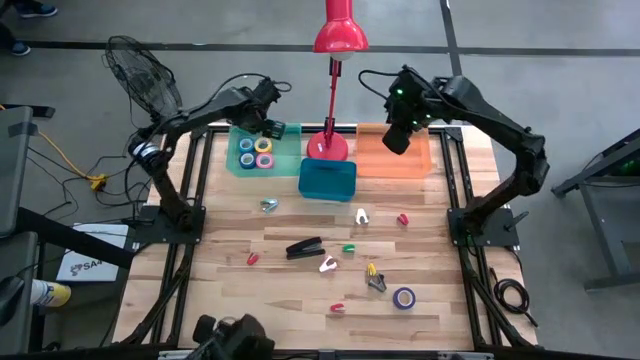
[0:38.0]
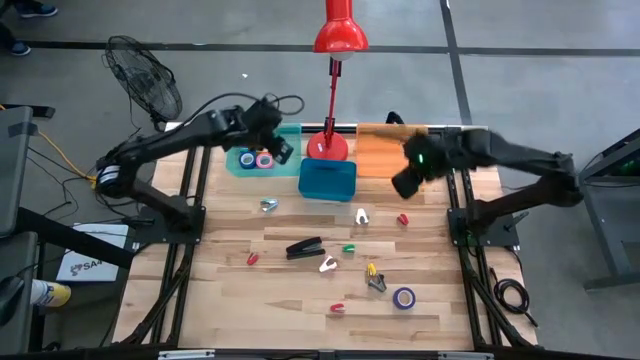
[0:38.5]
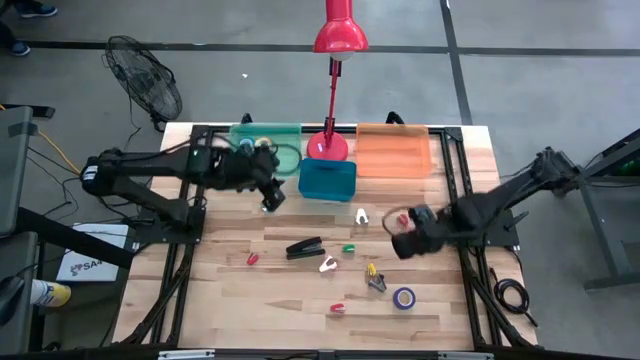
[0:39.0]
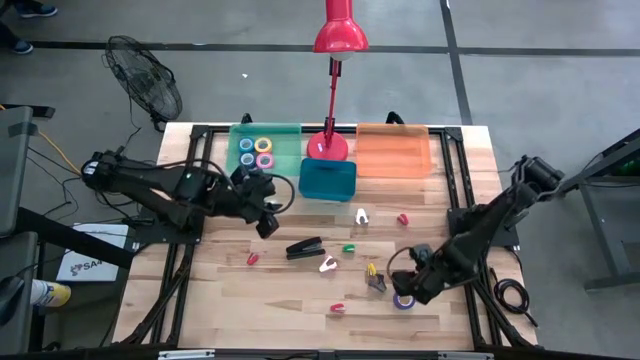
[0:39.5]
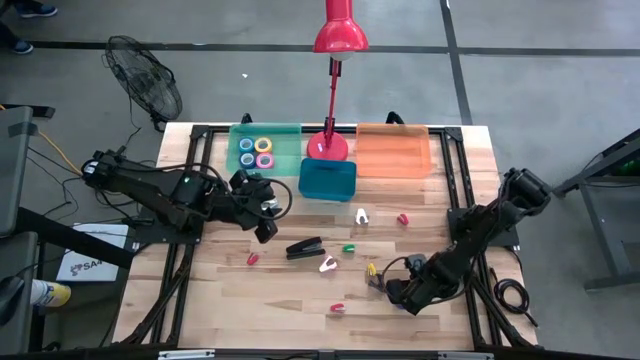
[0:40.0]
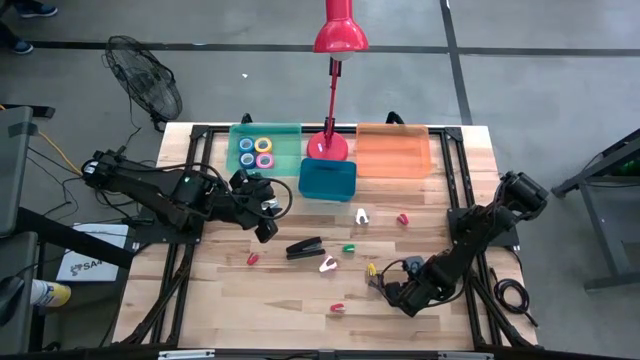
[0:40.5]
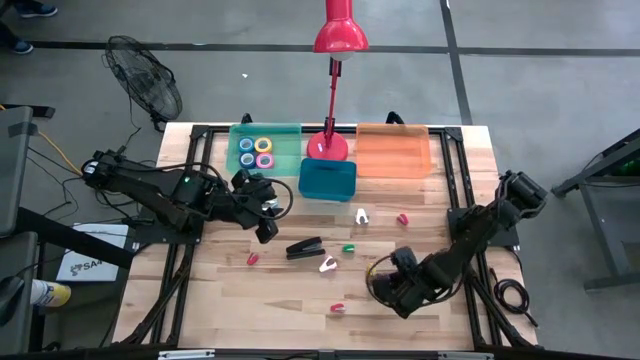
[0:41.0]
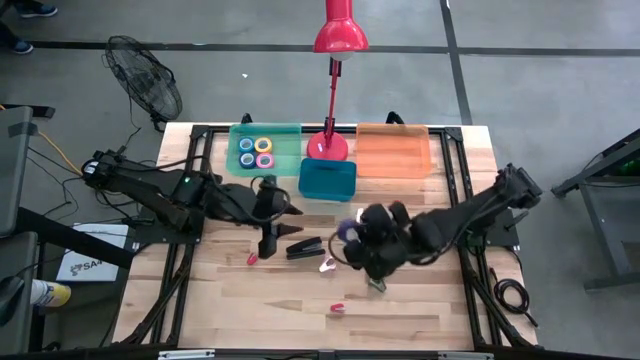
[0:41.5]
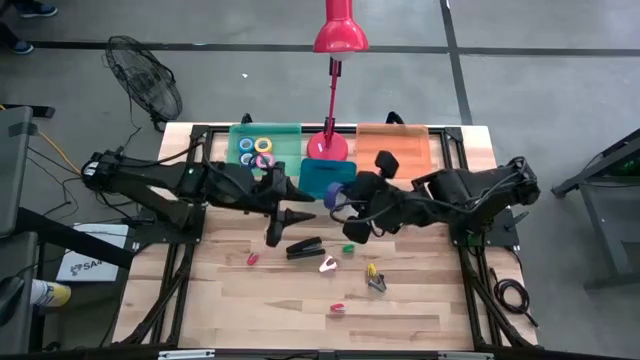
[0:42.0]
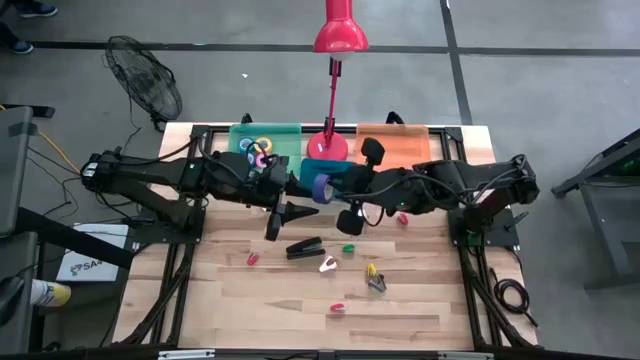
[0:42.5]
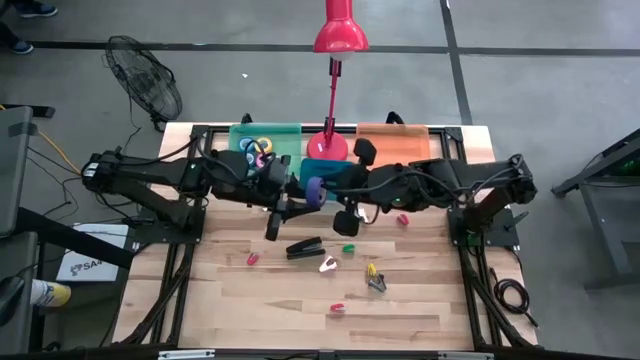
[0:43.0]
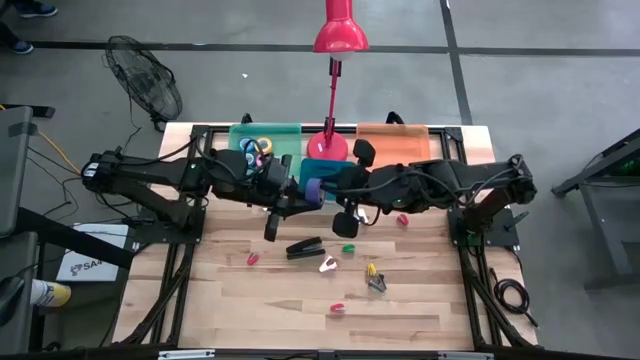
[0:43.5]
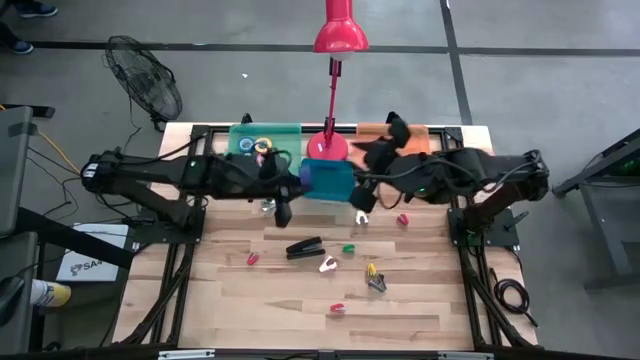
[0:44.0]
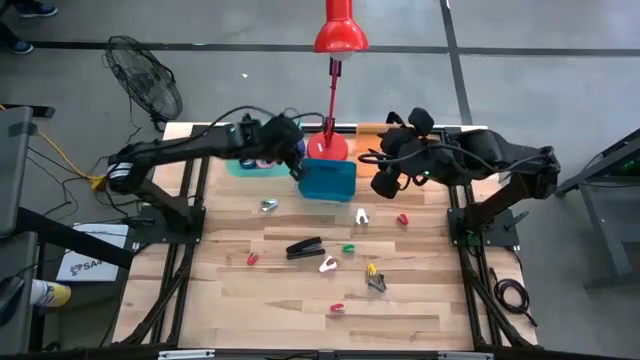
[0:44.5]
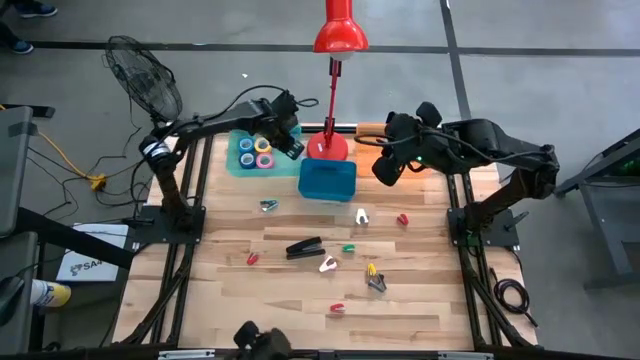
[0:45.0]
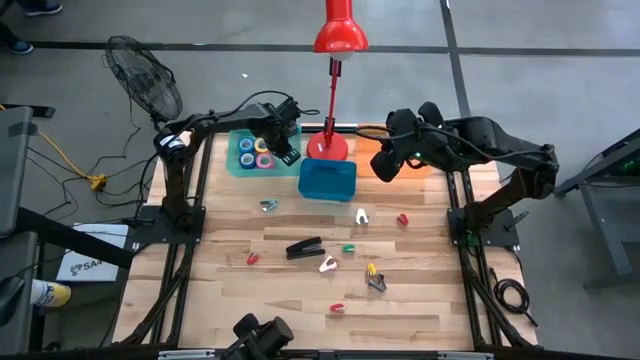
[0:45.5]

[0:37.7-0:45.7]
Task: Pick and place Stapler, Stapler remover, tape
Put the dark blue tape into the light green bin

-- EXERCISE AIM --
What you produce must match the listing word for word, with no images in it.

-- TASK RESPONSE --
[0:38.0]
[0:38.5]
[0:39.0]
[0:39.5]
[0:40.0]
[0:40.5]
[0:41.0]
[0:41.5]
[0:42.0]
[0:42.5]
[0:43.0]
[0:43.5]
[0:44.0]
[0:44.5]
[0:45.0]
[0:45.5]

[0:37.7-0:45.7]
Task: Pick and place Stapler, Stapler remover, tape
Put the dark blue tape into the light green bin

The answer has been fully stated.